Aside from the medications, do you have any physical support with you? Friends or family? I might have missed it earlier, but did you start the medications after the problems with your H or have you been taking them prior to that?
M-43 W-40 2D - 9 and 5
Emotion, yet peace. Ignorance, yet knowledge. Passion, yet serenity. Chaos, yet harmony. Death, yet a new life.
I was diagnosed with bi-polar disorder 2 after my husband abandoned me for the second time in Greece, upon my return, several months later.
I previously had been on disability (privately insured and SS) since 2001 for severe depression, anxiety, and panic disorder. These were kept under control with medication. The trigger was years of on the job discrimination and retaliation for speaking out about matters concerning illigal hiring practices I observed on a search committee (first amendment suits) as well as upholding University standards regarding student complaints about sexual harrassment of a Professor in our department.

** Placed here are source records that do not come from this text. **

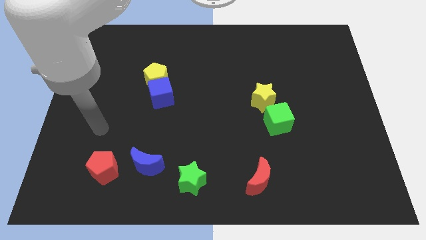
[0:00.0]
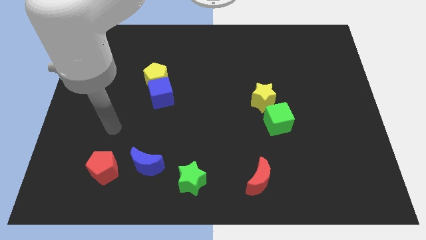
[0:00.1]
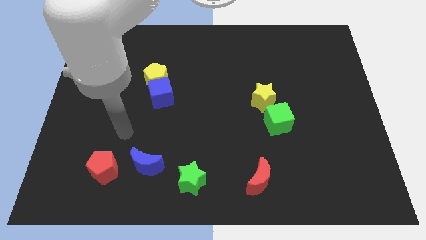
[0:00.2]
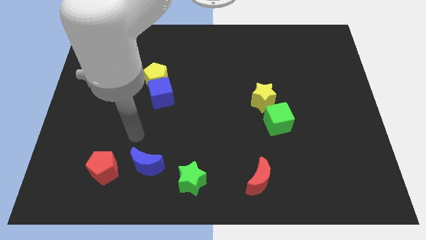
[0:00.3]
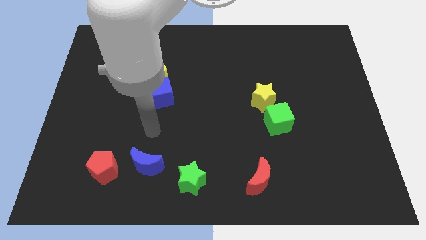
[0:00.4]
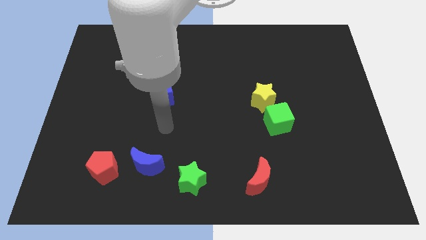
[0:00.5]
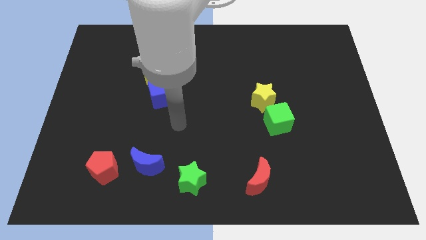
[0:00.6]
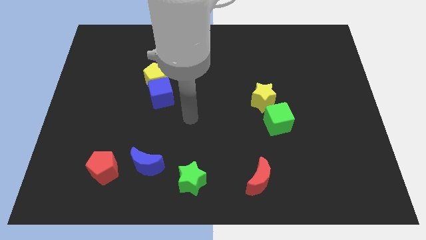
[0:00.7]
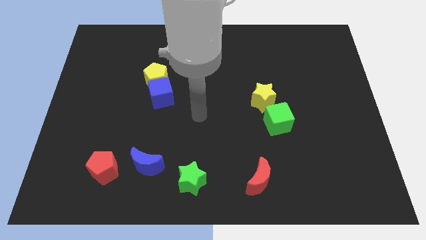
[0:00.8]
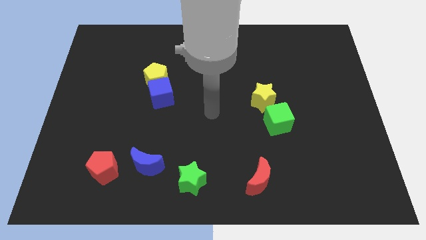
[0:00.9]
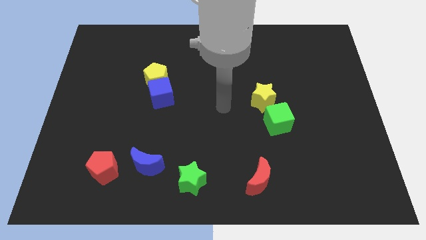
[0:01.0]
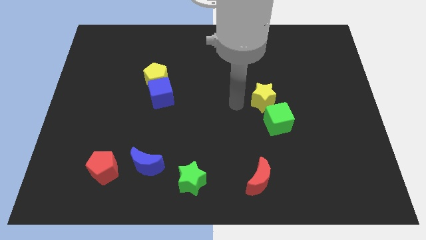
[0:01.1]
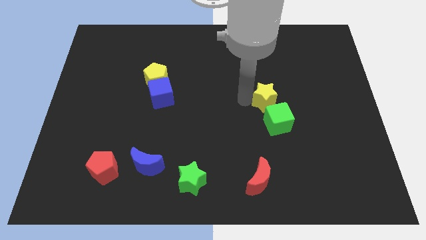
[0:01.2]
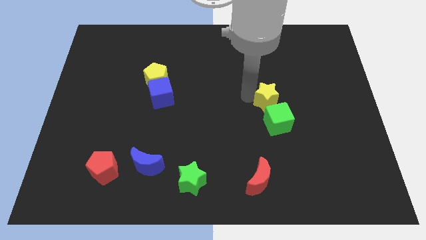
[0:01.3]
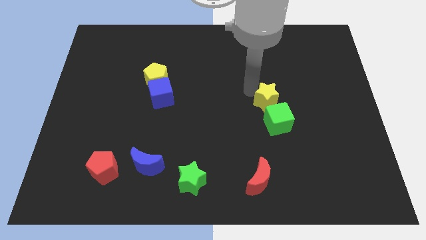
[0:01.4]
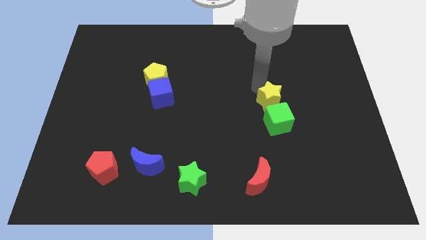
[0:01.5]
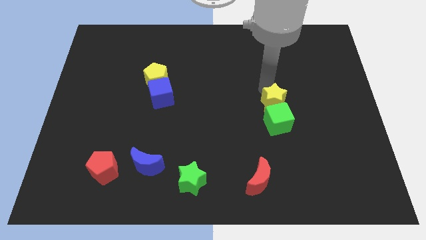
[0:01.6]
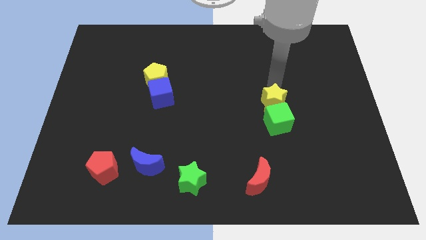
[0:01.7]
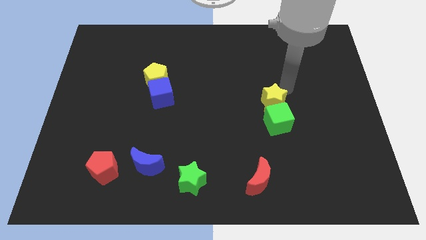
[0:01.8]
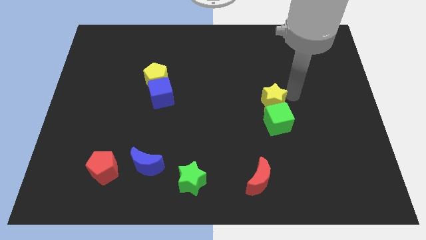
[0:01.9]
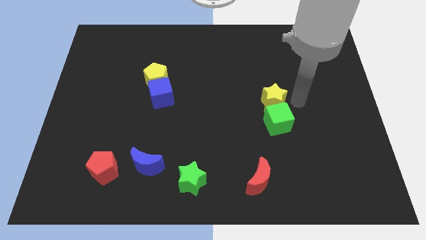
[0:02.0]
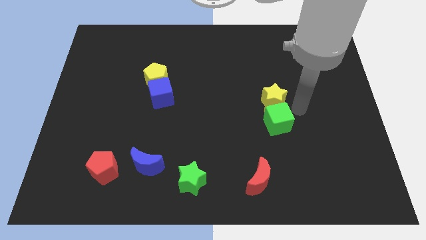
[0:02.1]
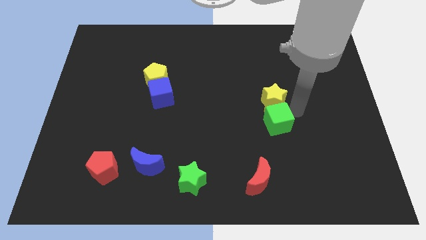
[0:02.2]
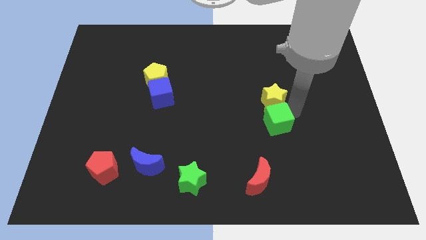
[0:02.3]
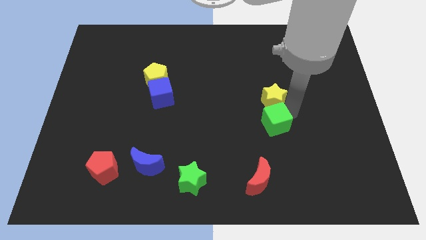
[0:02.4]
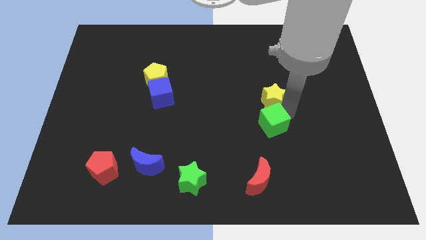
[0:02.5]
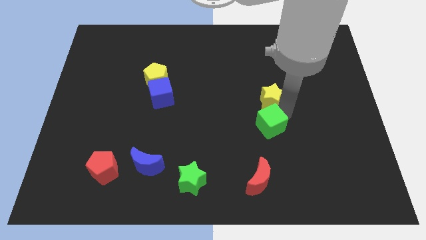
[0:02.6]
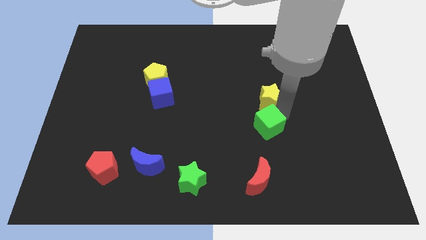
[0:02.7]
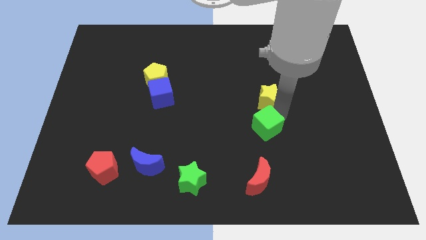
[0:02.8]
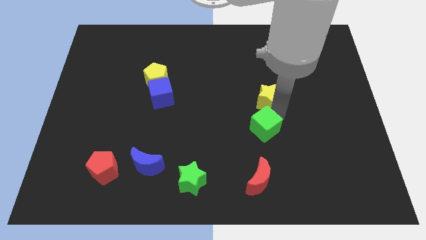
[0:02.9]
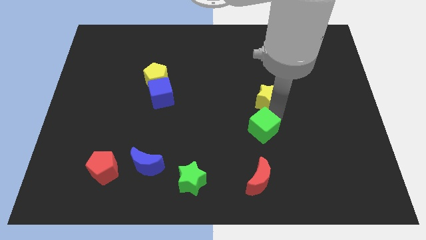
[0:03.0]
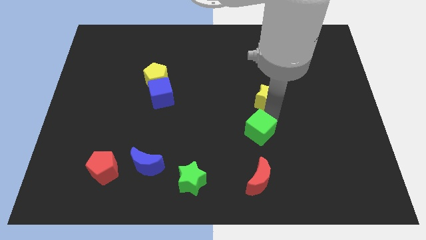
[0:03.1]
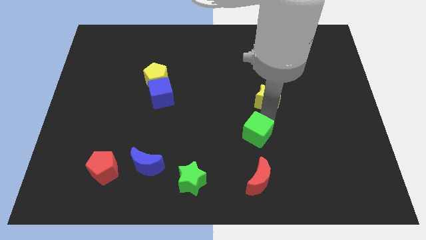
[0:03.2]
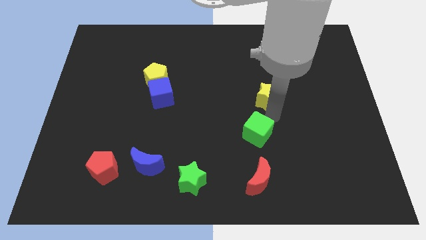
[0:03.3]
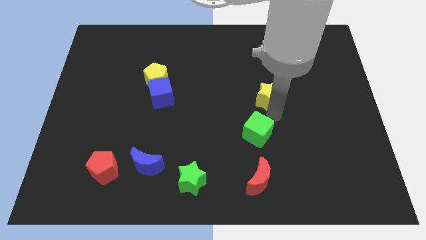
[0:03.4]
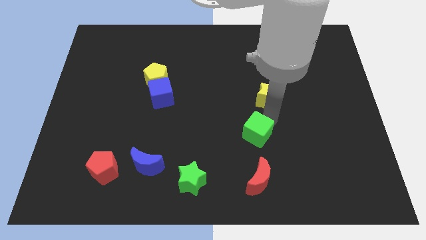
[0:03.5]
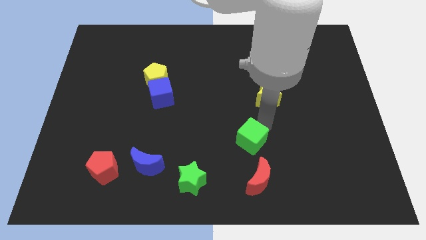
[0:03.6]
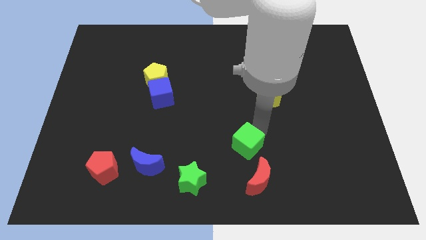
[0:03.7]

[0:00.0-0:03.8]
slide the green cube to the top left of the red moon

As a junior colleague, I was expected to keep quite about these matters. As I did not, my life at work was made as miserable as possible. Trying to contend with issues and responsibilities at work, defend myself against frioulious lawsuits brought against me to cause pressure, and too, my own suit - that were eventually taken by contingency, and reached the US Supreme Court - in the end, took it's toll on my health. I made it eight years on the job, until physically and mentally it was no longer possible.
So, during the later part of the mid 90's, to cope with migrain pain, I developed a problem with the narcotic medication. Once discovered, that was nipped in the bud. Concurrently, at that time, anti-depressants were being prescribed to me. Gradually the amounts and types increased. Then, anti-anxiety medications came on board. When insomnia crept upon me, that was the next thing that had to be treated.
So once I stopped working, I was on a full menu of drugs. Gradually, doses were cut back. My husband did not want to pay the money for the cobra (takes 2 years for Medicare - and then some for Bushes drug plan to be inacted), so, my doctor began to provide a good part of my meds in samples. Everything was in total control from the time I accepted the loss of my career around 2003. Until - the first abandonment in 2006 - I knew, in my gut, something was up.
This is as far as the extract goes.